HRDERGİ: İK’nın geleceğine ilişkin beklentileriniz neler?

R.C:
Ben, İnsan Kaynakları ve organizasyon çalışmalarının tüm organizasyonların başarısında hiç kuşkusuz çok önemli bir konu olacağına inanıyorum. Buradaki soru ise, tepe yöneticilerin bu çok önemli sorular konusunda yardım istemek için İK departmanlarına yönelip yönelmeyeceğidir. İK profesyonelleri yukarıda anlattığımız şekilde ortaklık etmeyi öğrendiği derecede, katkıda bulunmaya davet edilecektir. Eğer bu yüksek beklenti seviyesine adım atmazlarsa, organizasyonun yönetim destek etkinlikleriyle sınırlı kalmaya mahkum olacaklardır. Bu yönetimsel konuların iyi bir biçimde ele alınması elbette önemlidir, ancak organizasyonun başarısı için kaldıraç görevi görmedikleri de açıktır.

Ben İK departmanlarının geleceğinden umutluyum. Gerçekten önemli ilerlemelerin kaydedildiğini görüyor, giderek daha çok liderin gerçek farklar yaratmaya başladığını gözlemliyorum. Bana göre bu trend devam edecek.

HRDERGİ: İK yöneticilerine, yol haritasının organizasyonlarında nasıl uygulanabileceğine yönelik önerileriniz var mı?

R.C:
Aslında kitabımın tamamı bu soruyu yanıtlamak için tasarlandı. Yine de iki önemli noktaya açıklık getirmek istiyorum:

Unutmayın, kimse bu süreci tamamen tamamlayamadı. İçinde bulunduğumuz alan temel bir değişimden geçiyor. Ve siz bu konuda nihai tanıma ulaşılmasına yardımcı olabilirsiniz. En iyi değerlendirme yöntemlerini kullanmak ve işe girişmekten korkmayın. Öğrenmekten asla vazgeçmeyin.

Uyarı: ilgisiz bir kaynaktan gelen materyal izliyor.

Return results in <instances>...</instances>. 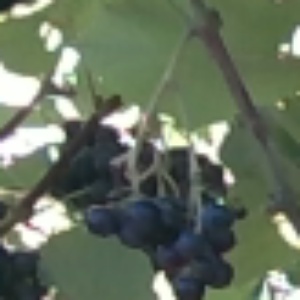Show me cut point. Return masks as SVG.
<instances>
[{"instance_id": "cut-point-1", "label": "cut point", "mask_w": 300, "mask_h": 300, "mask_svg": "<svg viewBox=\"0 0 300 300\" xmlns=\"http://www.w3.org/2000/svg\"><path fill=\"white\" fill-rule=\"evenodd\" d=\"M190 38H191V34L187 30H184L178 40V44H177V47H176L173 55L170 57L168 63L166 64V67L164 68L163 72L160 74V77L158 78V80L156 82L154 90L152 91V94L149 98L145 112L141 118V123L135 131V134L137 136H144L146 134V131H145L146 127H147L148 123L150 122L151 117L154 114L155 108L158 105L159 97L163 93V90L166 86L167 88L170 89V91L177 103L179 113H180L183 123L185 125V135H186V139L188 142V146L190 148H194L196 146L192 122L186 111V107H185L184 101L181 97V94H180L178 88L176 87V85L172 82V71L175 68V66H176L182 52L184 51L185 47L187 46V43L190 40Z\"/></svg>"}]
</instances>
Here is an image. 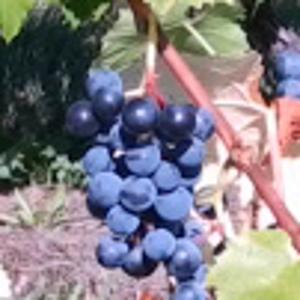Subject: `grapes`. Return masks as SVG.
I'll use <instances>...</instances> for the list:
<instances>
[{"label": "grapes", "instance_id": "obj_1", "mask_svg": "<svg viewBox=\"0 0 300 300\" xmlns=\"http://www.w3.org/2000/svg\"><path fill=\"white\" fill-rule=\"evenodd\" d=\"M83 90L86 99L68 104L64 128L71 140L94 143L79 157L89 180L86 211L114 236L96 243L98 268L144 280L165 264L176 282L170 300H207L212 268L195 242L205 219L194 206L206 143L218 131L215 115L164 106L147 84L124 91L115 71L91 74Z\"/></svg>", "mask_w": 300, "mask_h": 300}, {"label": "grapes", "instance_id": "obj_2", "mask_svg": "<svg viewBox=\"0 0 300 300\" xmlns=\"http://www.w3.org/2000/svg\"><path fill=\"white\" fill-rule=\"evenodd\" d=\"M276 78L273 89L288 100L300 98V54L294 50L279 53L273 61Z\"/></svg>", "mask_w": 300, "mask_h": 300}]
</instances>
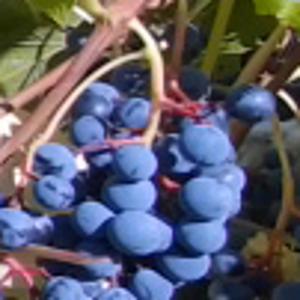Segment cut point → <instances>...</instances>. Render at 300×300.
<instances>
[{"instance_id": "1", "label": "cut point", "mask_w": 300, "mask_h": 300, "mask_svg": "<svg viewBox=\"0 0 300 300\" xmlns=\"http://www.w3.org/2000/svg\"><path fill=\"white\" fill-rule=\"evenodd\" d=\"M127 25L132 28L144 41L145 51L151 67L152 99L163 98V66L160 50L156 45L152 35L137 19L130 18L127 22Z\"/></svg>"}]
</instances>
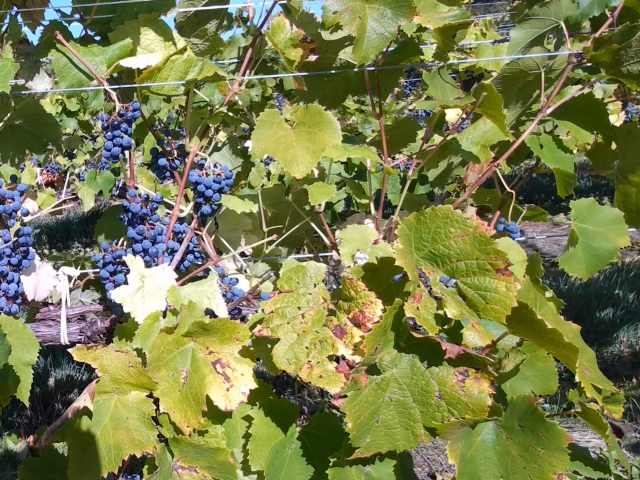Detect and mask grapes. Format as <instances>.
I'll use <instances>...</instances> for the list:
<instances>
[{
  "label": "grapes",
  "mask_w": 640,
  "mask_h": 480,
  "mask_svg": "<svg viewBox=\"0 0 640 480\" xmlns=\"http://www.w3.org/2000/svg\"><path fill=\"white\" fill-rule=\"evenodd\" d=\"M139 192L136 189L128 191L129 198H136L135 203L124 202L121 208L126 213L117 216V220L123 223L127 228L126 235L130 239L131 247L116 248L120 244V240L115 238L111 245L107 242L100 244V249L104 253L101 258L94 255L92 260L98 263L101 272V282L105 285L106 298L110 307V314L113 316H122L123 307L111 298L109 291H113L116 285H123L125 277L129 272L127 267H123L117 262L128 255L134 256L139 254L147 267H156L158 259L163 264L170 262L179 253V248L184 236L189 233V226L185 220L178 219L173 234L176 235L178 241L169 240L166 244V235L168 230L165 227L170 225L166 218L154 212L158 209L159 203L164 201L161 194L154 195L152 201L147 206L140 207L143 203L151 199L149 194H142L137 197Z\"/></svg>",
  "instance_id": "1"
},
{
  "label": "grapes",
  "mask_w": 640,
  "mask_h": 480,
  "mask_svg": "<svg viewBox=\"0 0 640 480\" xmlns=\"http://www.w3.org/2000/svg\"><path fill=\"white\" fill-rule=\"evenodd\" d=\"M35 230L31 226L18 228V240L11 242L12 233L8 228L0 232V276L7 282L0 283V309L5 314H17L20 311L21 296L24 293L20 280L21 270L30 269L31 261L35 259V252L28 248L35 245L33 236Z\"/></svg>",
  "instance_id": "2"
},
{
  "label": "grapes",
  "mask_w": 640,
  "mask_h": 480,
  "mask_svg": "<svg viewBox=\"0 0 640 480\" xmlns=\"http://www.w3.org/2000/svg\"><path fill=\"white\" fill-rule=\"evenodd\" d=\"M197 166L202 168L205 166L207 171L212 168L224 172L225 178L222 174H213L210 178H205L201 175V171L198 168L190 170L188 181L195 187V204L194 211L198 214V218L211 217L215 212L220 210L218 204H206L205 201H209L211 198L215 202L222 200L221 194H227L229 187L234 185V173L230 170L228 165L213 162L211 165L207 164L205 158L200 159L197 162Z\"/></svg>",
  "instance_id": "3"
},
{
  "label": "grapes",
  "mask_w": 640,
  "mask_h": 480,
  "mask_svg": "<svg viewBox=\"0 0 640 480\" xmlns=\"http://www.w3.org/2000/svg\"><path fill=\"white\" fill-rule=\"evenodd\" d=\"M131 111L120 109L118 116L122 119H114L111 122L110 115L108 113H101L99 120L102 123V129L106 131L104 133L102 156L104 158H110L113 163H118L125 158L124 150L133 148V134L132 124L135 119H139L141 104L138 101H132L130 103Z\"/></svg>",
  "instance_id": "4"
},
{
  "label": "grapes",
  "mask_w": 640,
  "mask_h": 480,
  "mask_svg": "<svg viewBox=\"0 0 640 480\" xmlns=\"http://www.w3.org/2000/svg\"><path fill=\"white\" fill-rule=\"evenodd\" d=\"M176 150L178 151V155L174 158L173 162H169L165 159V156L162 151H160L156 147H151L149 149L151 157V162L153 166L151 167V172L157 175V178L161 182H165L168 179L173 180V172H176L179 168V165L188 157V153L185 151V146L183 144H178L176 146Z\"/></svg>",
  "instance_id": "5"
},
{
  "label": "grapes",
  "mask_w": 640,
  "mask_h": 480,
  "mask_svg": "<svg viewBox=\"0 0 640 480\" xmlns=\"http://www.w3.org/2000/svg\"><path fill=\"white\" fill-rule=\"evenodd\" d=\"M29 190L27 183H18L14 190L3 188V180L0 179V197H6L12 200V204L0 205V214L8 215L7 226L14 227L17 223L16 217L21 209V197Z\"/></svg>",
  "instance_id": "6"
},
{
  "label": "grapes",
  "mask_w": 640,
  "mask_h": 480,
  "mask_svg": "<svg viewBox=\"0 0 640 480\" xmlns=\"http://www.w3.org/2000/svg\"><path fill=\"white\" fill-rule=\"evenodd\" d=\"M200 243V240L197 236H192L190 238V243L187 245V254L185 259H181L177 264H176V270L180 273V274H184L188 268L191 266V263L193 262H197V263H201L204 264L206 262L207 256L200 252V250L198 248H195V245H198Z\"/></svg>",
  "instance_id": "7"
},
{
  "label": "grapes",
  "mask_w": 640,
  "mask_h": 480,
  "mask_svg": "<svg viewBox=\"0 0 640 480\" xmlns=\"http://www.w3.org/2000/svg\"><path fill=\"white\" fill-rule=\"evenodd\" d=\"M220 282L225 286H231L229 291L225 293L228 301H237L244 297L245 290L240 287H236V285L239 284V279L237 277H224L223 279H220Z\"/></svg>",
  "instance_id": "8"
},
{
  "label": "grapes",
  "mask_w": 640,
  "mask_h": 480,
  "mask_svg": "<svg viewBox=\"0 0 640 480\" xmlns=\"http://www.w3.org/2000/svg\"><path fill=\"white\" fill-rule=\"evenodd\" d=\"M498 223L499 224L496 225V231L498 233H504L505 231L509 232L511 240H516L518 237L523 236L520 225L515 221H510L508 223L505 217H499Z\"/></svg>",
  "instance_id": "9"
}]
</instances>

İkinci konu: Evet, en iyi stratejik İK teorisini öğrenmelisiniz ama bunu gerçekleştirebilecek tek kişinin siz olduğunu unutmayın. Atmanız gereken adımları öğrenmek için, en iyi teorilere bel bağlamayın. Çünkü bu mümkün değildir. Bizim faaliyet gösterdiğimiz alandaki liderlik, bu teorinin uygulanması için yaratıcı olmak zorundadır. Bu nedenle deneyimlerinizden ders alın ve bunları başkaları ile paylaşmak konusunda istekli olun.

HRDERGİ: Son olarak bize biraz da kendinizden söz eder misiniz?

R.C:
Üniversite eğitimimi ekonomi ve finans alanında tamamladım. Bu eğitimin kariyerim süresince çok da yararını gördüm. Çünkü bana göre bir İK lideri şirketin temel ekonomisini anlamıyorsa, organizasyonun ihtiyaç duyduğu farkı yaratması çok mümkün değildir.

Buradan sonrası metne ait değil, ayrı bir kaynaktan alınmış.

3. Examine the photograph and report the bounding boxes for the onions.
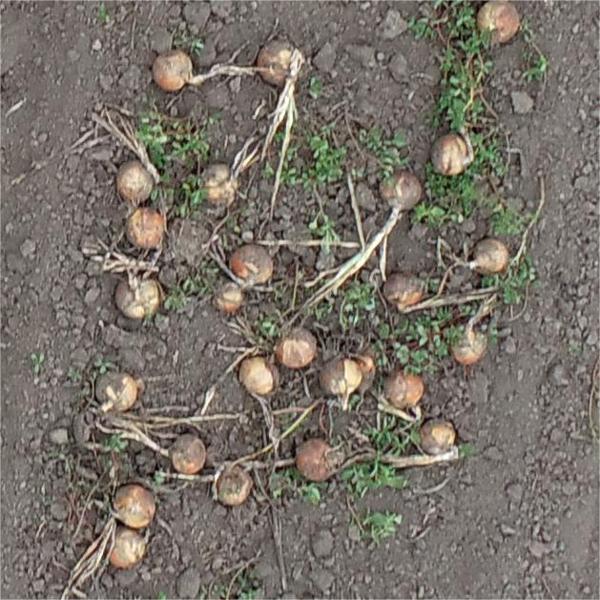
[114,274,160,318]
[216,283,243,311]
[214,463,251,506]
[125,208,164,247]
[197,161,234,206]
[381,369,422,407]
[111,482,154,526]
[152,50,190,90]
[293,437,334,480]
[431,131,470,174]
[99,372,139,409]
[316,359,362,397]
[383,170,421,206]
[255,39,297,81]
[418,417,454,453]
[114,162,152,201]
[274,329,315,368]
[385,272,424,310]
[477,4,518,43]
[448,319,486,362]
[106,526,146,566]
[167,432,206,473]
[228,242,271,282]
[236,355,275,394]
[470,237,508,274]
[351,351,375,392]

Kariyer öyküme geri dönelim… Lisansüstü eğitimimi Organizasyonel Davranış alanında tamamladım. Kariyerimin yaklaşık yarısında strateji geliştirme ve organizasyonel tasarım gibi konular üzerinde çalıştım. Ardından daha geniş İK rollerine yönelerek, daha geniş insan kaynakları konularına odaklandım. İleri teknoloji, roket ve perakende sektörlerinde çalıştım. Hallmark Cards şirketinde İnsan Kaynakları Başkan Yardımcısı olarak görev yaptım.





Bizde içerik bol, seni düzenli olarak bilgilendirmemizi ister misin? :)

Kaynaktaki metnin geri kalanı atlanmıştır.